槿汐答了声“是”,道:“原本还是有的,方才太后宫里拿了些去,皇后娘娘宫里又吩咐了,说是回过了皇上的,鹂妃娘娘有孕在身,血燕这样滋补的东西要尽着她吃,所以剩下的全部送去了景春殿。”

吕昭容惊讶道:“血燕?那是正一品的四妃与帝后之尊才能用的,她的封刀之礼还没办呢,怎么就先用上了?这样是还没生呢,若生下来了,可不知道要怎么宝贝才好了。”

我摆摆手道:“姐姐,由着她去吧。”转念想,“只是我难得想对淑和尽尽心,竟也不能了。”不由得幽幽叹了一声。

这一声叹息倒引了吕昭容无尽感慨,槿汐道:“方才小姐和昭容说起赵飞燕,倒叫奴婢想起《汉书》里头一句话。”

我正一正髻上凤钗,幽幽点头道:“我知道你要说哪一句,赵飞燕姊妹从自微贱兴,逾越礼制,浸盛于前。班大家说的是从前,反而叫我们如今的人也心有戚戚焉。”

吕昭容仰头细细一想,苦笑道:“赵飞燕一旦得势,纵横皇宫残害妃嫔,汉成帝一味宠幸她,竟连亲生骨肉被杀也不理会,皇上虽不至于这样糊涂,可她这个样子,哪怕我成了三妃之首仍要让她三分。”

我亦愁云凝在眼角,“血燕是没有了,槿汐,去取些茯苓膏来送与吕昭容吧。”

吕昭容恨恨不减,柳眉横起,道:“我偏不服她,娘娘可要拿个主要呀。”

我只是愁眉不展,槿汐上前道:“昭容娘娘是知道的,一则是皇后的主意,二则娘娘要忙大封六宫的事分不开身,娘娘可要为我们娘娘在后宫的娘娘小主面前分辨啊。”

吕昭容点头道:“我自然明白。”说着也不等槿汐合了茯苓膏来,又一阵风似的往燕禧殿方向去了。

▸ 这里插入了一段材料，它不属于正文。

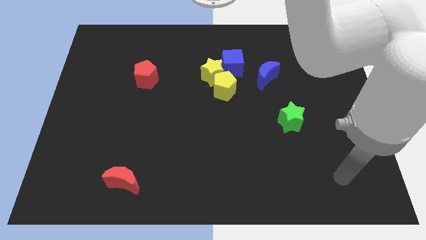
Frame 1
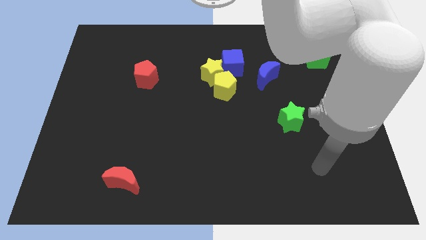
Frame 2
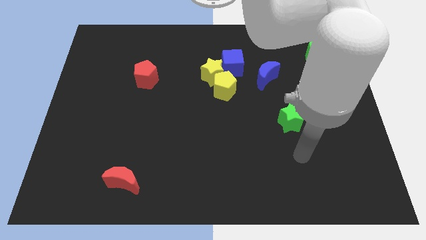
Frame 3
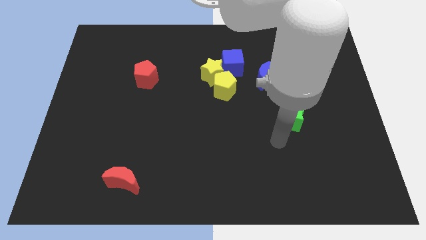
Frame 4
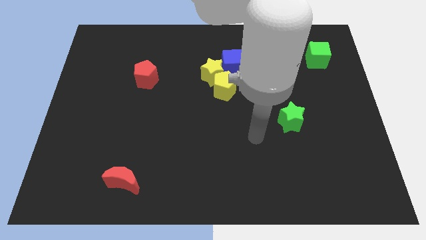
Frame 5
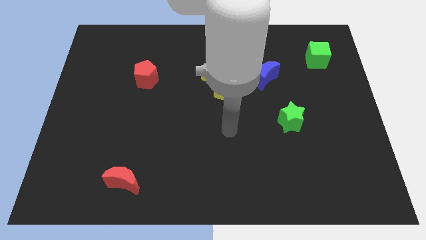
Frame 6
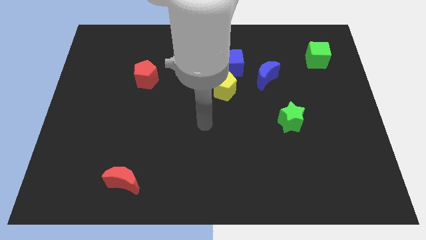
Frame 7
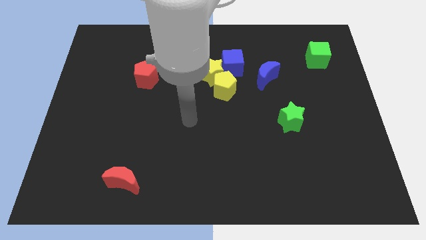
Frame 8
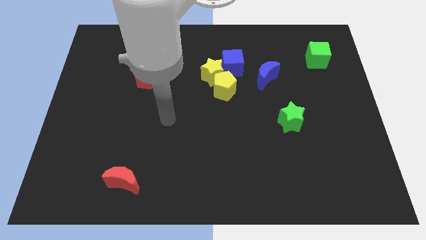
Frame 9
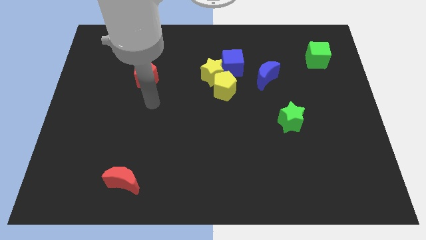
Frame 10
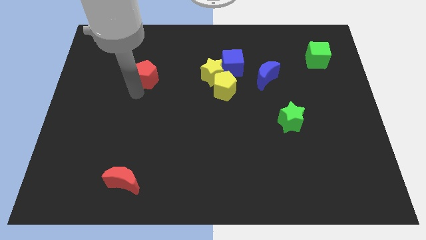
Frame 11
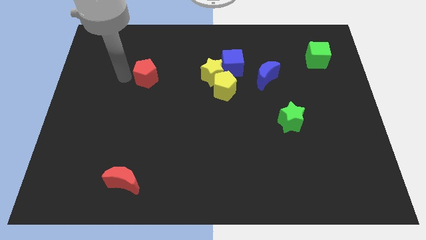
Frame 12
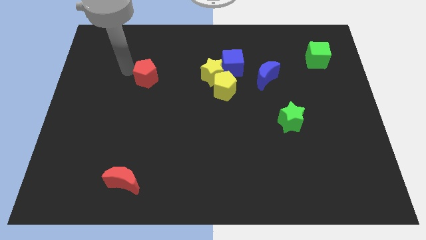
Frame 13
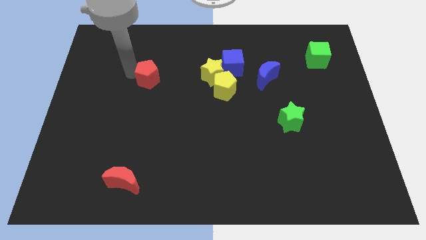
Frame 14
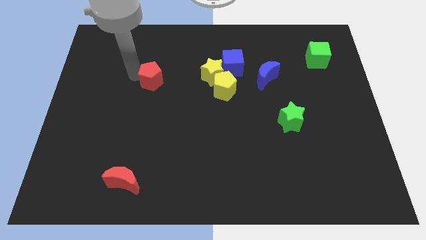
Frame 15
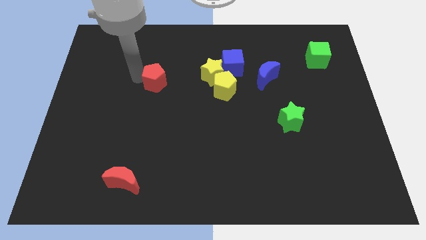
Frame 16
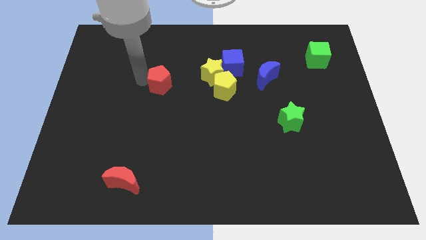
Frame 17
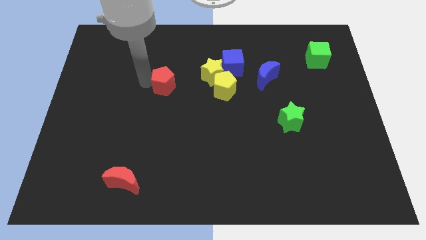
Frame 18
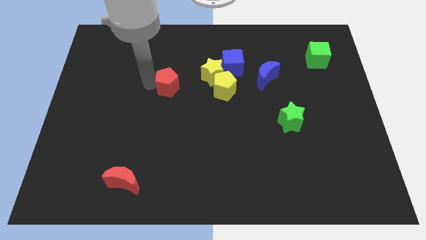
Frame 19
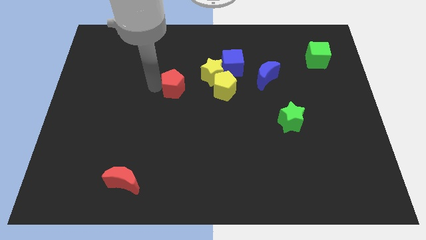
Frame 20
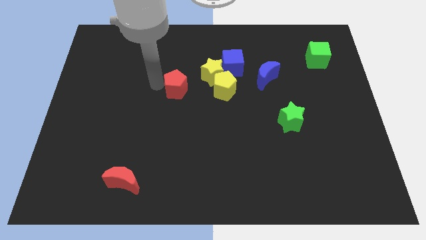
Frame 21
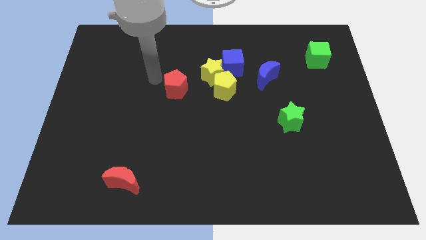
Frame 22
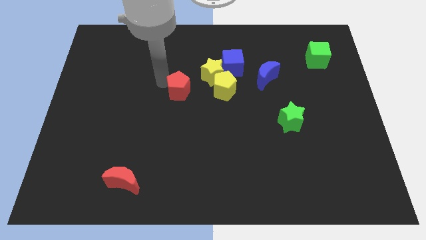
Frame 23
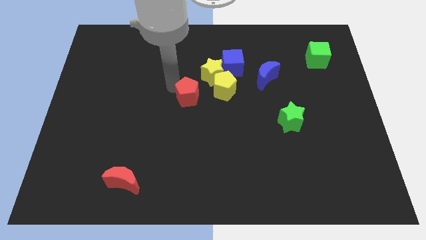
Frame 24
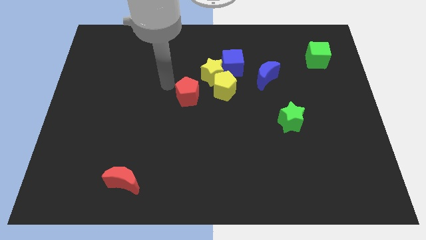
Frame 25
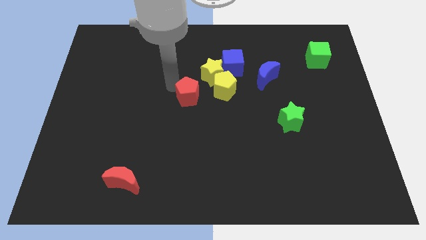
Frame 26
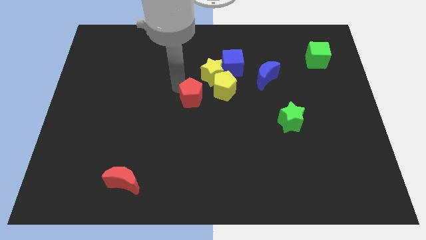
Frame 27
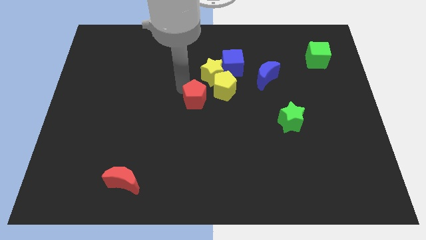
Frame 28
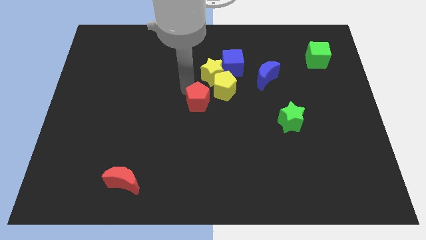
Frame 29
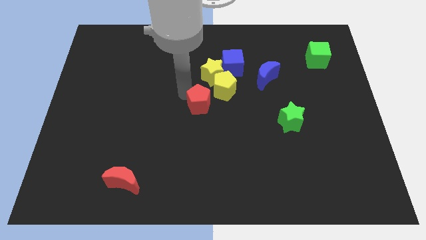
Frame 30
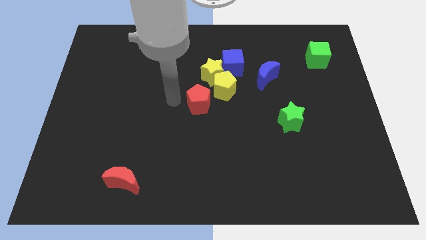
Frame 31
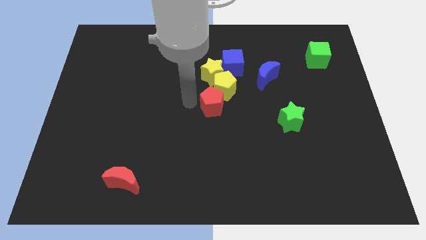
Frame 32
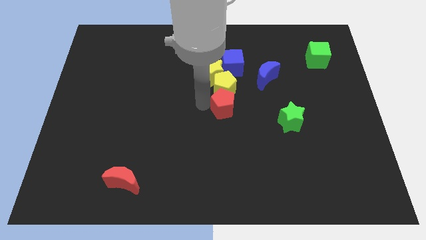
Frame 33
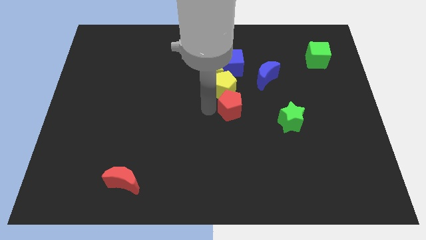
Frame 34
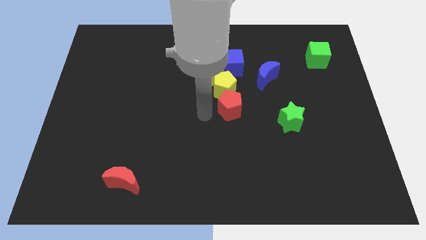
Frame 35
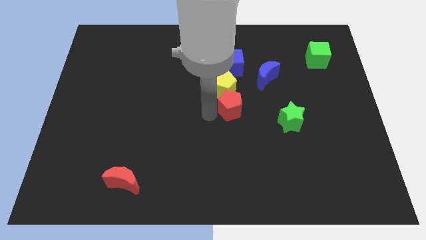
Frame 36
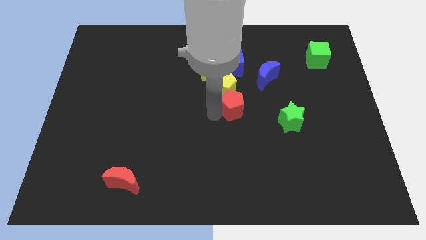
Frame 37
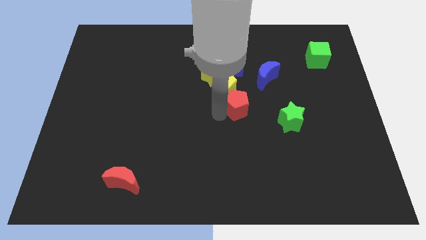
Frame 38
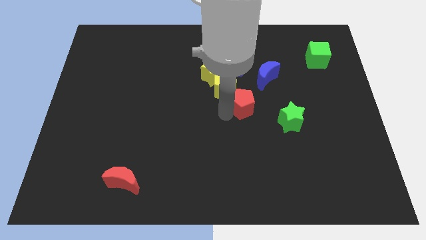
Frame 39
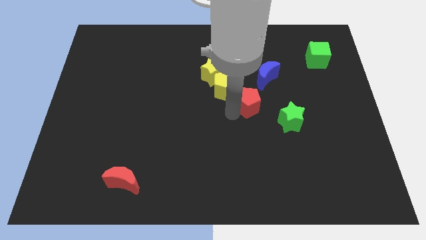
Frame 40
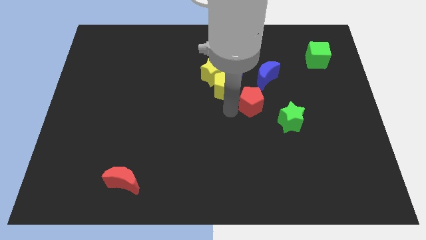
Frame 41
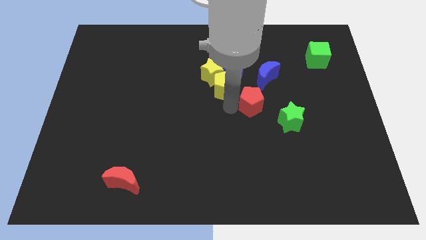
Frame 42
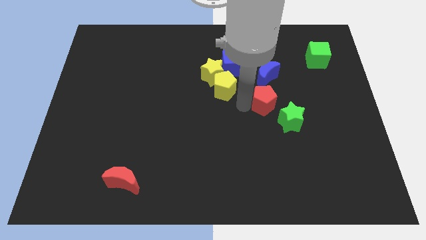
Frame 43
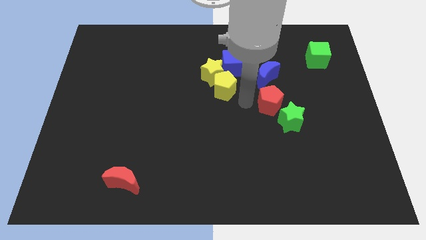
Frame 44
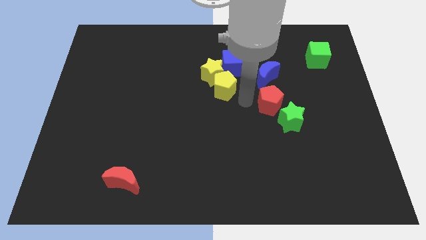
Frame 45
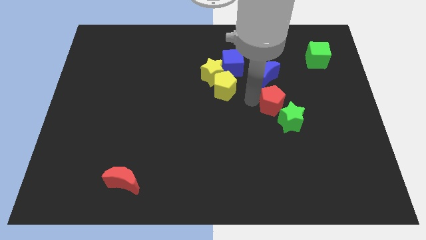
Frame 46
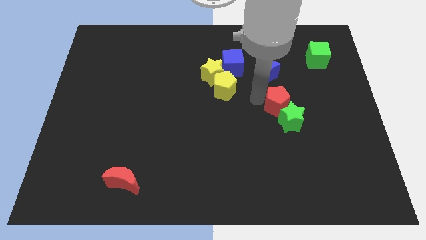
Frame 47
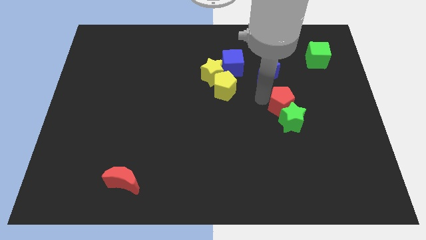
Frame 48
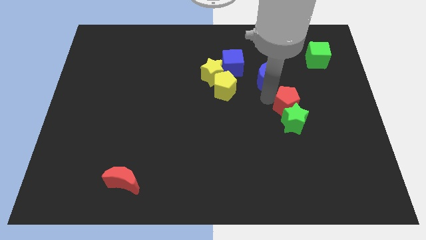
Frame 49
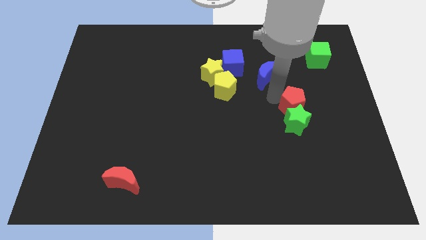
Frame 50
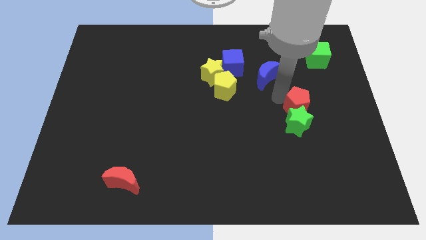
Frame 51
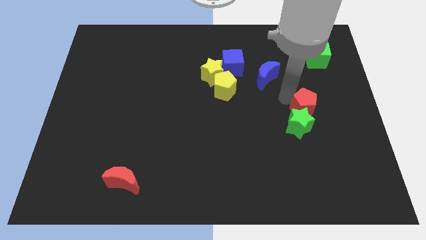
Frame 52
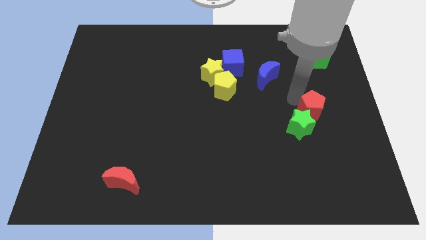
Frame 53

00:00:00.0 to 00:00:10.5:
move the red pentagon just right of the green star

我见她走远,方静静笑道:“只怕吕昭容现在已经恨煞鹂妃了,若敏妃那里知道,怕也要生好大的气。”

槿汐垂手道:“吕昭容是个热心肠,又是直肠子经不得激,但分寸是知道的,她一向心直口快,有什么话对旁人说反而直接明白,娘娘处在这个位置上,有些话不方便说也不能说,借她的口倒很不错。”

我用指甲拨着碗里的茶叶,慢声道:“我请旨让端妃为贵妃也是这个道理,难得她心思细,出手又利落。”我心念一动,霍然想起一事,“皇后已经不耐烦鹂妃了,真是可喜可贺。”我笑着踱到妆台前,打开了胭脂盒子补妆,道:“皇后赐了那么多血燕给鹂妃,也不知鹂妃能不能消化得了呢?”

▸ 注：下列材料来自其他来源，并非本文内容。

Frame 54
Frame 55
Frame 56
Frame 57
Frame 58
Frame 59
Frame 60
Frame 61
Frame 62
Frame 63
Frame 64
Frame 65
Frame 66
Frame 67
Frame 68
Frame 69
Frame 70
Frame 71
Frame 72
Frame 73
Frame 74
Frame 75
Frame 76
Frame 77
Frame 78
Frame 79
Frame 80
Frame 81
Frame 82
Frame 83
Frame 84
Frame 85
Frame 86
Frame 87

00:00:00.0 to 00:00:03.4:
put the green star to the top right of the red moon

槿汐微微垂下眼帘,道:“娘娘也觉得皇后不是真心疼惜鹂妃么?”

胭脂嫣红如血,凝在指尖仿佛一朵颜色最纯正的红梅,红得盈盈欲滴,我薄薄化开了拍在脸颊上,浅浅的红色如飞在天际的一片红霞,轻薄甜香,我笑道:“就如这胭脂一样,拍得薄可以晕脸,浓可用来点唇。皇后真心要赏鹂妃,大可不必那么显眼,一日一日命内务府送去就是了,这样一下子全给了她,反而叫六宫非议。”

槿汐拿着篦子为我细细篦着头发,徐徐道:“这才是皇后厉害之处,一则让她不要趁着有身孕得宠忘本,二来与鹂妃为敌的人不少,鹂妃恩怨愈多,后宫中人愈对其侧目,为了自己和用足的孩子一定会紧紧依附皇后这棵大树,不过,看来她们之间的嫌隙恐怕也不浅呢。”